原状回復の借主負担はどこまで?負担範囲や相場をわかりやすく解説

2023年11月24日

賃貸物件を退去する際には、借主には原状回復の義務があります。ただし、原状回復費用のすべてを借主が負担するわけではなく、原則として一部の費用は貸主の負担となります。

原状回復費用の借主の費用負担について、具体的な例を挙げて解説します。また、借主の原状回復費用の負担を抑える方法についても取り上げていきます。

原状回復とは

そもそも原状回復とは、アパートやマンションなど賃貸物件の賃貸借契約の終了に伴い、退去時に入居時の状態に戻すことをいいます。借主には原状回復の義務がありますが、原状回復にかかる費用は借主がすべて負担するとは限らず、貸主の負担が生じるケースもあります。

原状回復の借主負担はどこまで?

原状回復のための費用で、原則として借主が負担するのは、故意や過失、不注意、あるいは通常の住み方を超える使用方法によって生じた、汚れやキズ、破損、故障などの損耗です。経年劣化や通常の使い方によって生じた損耗に関わる原状回復費用は、借主が負担する必要はありません。

原状回復特約の場合は注意が必要

ただし、賃貸借契約で原状回復特約が設けられている場合には、原状回復の費用負担が原則とは異なる場合がある点に注意が必要です。

賃貸借契約において原状回復特約とは、原状回復に関する貸主と借主の負担割合を定める特約です。

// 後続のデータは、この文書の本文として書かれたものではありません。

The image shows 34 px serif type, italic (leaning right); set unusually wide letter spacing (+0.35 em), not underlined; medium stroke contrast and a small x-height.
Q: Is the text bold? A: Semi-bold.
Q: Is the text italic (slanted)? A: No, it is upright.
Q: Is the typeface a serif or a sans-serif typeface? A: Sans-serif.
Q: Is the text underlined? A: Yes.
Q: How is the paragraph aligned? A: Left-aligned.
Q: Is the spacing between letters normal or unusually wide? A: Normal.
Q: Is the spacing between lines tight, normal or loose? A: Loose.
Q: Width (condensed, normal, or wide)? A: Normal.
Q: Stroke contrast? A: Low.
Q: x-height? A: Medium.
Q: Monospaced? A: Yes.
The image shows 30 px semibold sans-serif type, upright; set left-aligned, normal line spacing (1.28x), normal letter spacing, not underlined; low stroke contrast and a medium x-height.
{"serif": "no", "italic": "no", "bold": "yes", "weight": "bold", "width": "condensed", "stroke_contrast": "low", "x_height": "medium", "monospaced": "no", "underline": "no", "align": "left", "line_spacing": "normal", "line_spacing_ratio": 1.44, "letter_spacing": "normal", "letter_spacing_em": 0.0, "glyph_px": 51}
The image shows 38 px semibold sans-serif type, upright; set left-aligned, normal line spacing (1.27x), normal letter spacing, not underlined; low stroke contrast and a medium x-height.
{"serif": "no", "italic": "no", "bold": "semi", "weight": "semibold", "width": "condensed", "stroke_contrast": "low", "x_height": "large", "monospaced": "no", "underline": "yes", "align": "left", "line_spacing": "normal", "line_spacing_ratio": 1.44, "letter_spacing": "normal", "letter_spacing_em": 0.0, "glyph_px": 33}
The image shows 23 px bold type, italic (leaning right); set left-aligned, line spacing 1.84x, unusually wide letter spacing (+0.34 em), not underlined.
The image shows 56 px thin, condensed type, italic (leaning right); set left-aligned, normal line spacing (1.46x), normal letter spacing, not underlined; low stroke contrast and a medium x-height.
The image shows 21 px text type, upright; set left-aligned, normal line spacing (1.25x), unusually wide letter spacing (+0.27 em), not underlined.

原状回復特約で多いのは、ハウスクリーニング費用を借主負担とする特約のほか、畳の表替え費用を借主負担とする特約や、襖の貼り替え費用を借主負担とする特約などです。

退去時の原状回復で借主が負担する範囲の例

退去時の原状回復で借主負担となる範囲について、国土交通省の「原状回復をめぐるトラブルとガイドライン」をもとに、具体例を挙げて紹介していきます。

引越しの際についた傷や破損

引越しの際には、家具や冷蔵庫などの大型家電の搬入や搬出の際などに床や壁に傷がついたり、壁を破損してしまったりすることがあります。引越しでついた傷は通常の生活による傷ではないことから、「原状回復をめぐるトラブルとガイドライン」においても、借主の善管注意義務違反や過失として、原状回復費用は借主負担とされています。

■ 引越作業で生じたひっかきキズ
(考え方)賃借人の善管注意義務違反または過失に該当する場合が多いと考えられる。

ただし、基本的に引越し業者のつけた傷は引越し業者が賠償を行います。多くの引越し業者では、賠償に備えて保険に加入しています。引越し前の室内の状況を写真にとり、作業の完了後に引越し業者と一緒に傷がないか確認し、傷がある場合には写真を撮っておきましょう。

借主のメンテナンス不足による設備故障

アパートやマンションなどの賃貸物件には照明器具や給湯器のほか、ガスレンジやエアコンといった設備が設置されていることがあります。「原状回復をめぐるトラブルとガイドライン」では、寿命による故障は貸主負担としていますが、日常の手入れが不適切であったケースや、使い方に問題があったケースなどでは、借主の善管注意義務違反として、借主が原状回復費用を負担するとされています。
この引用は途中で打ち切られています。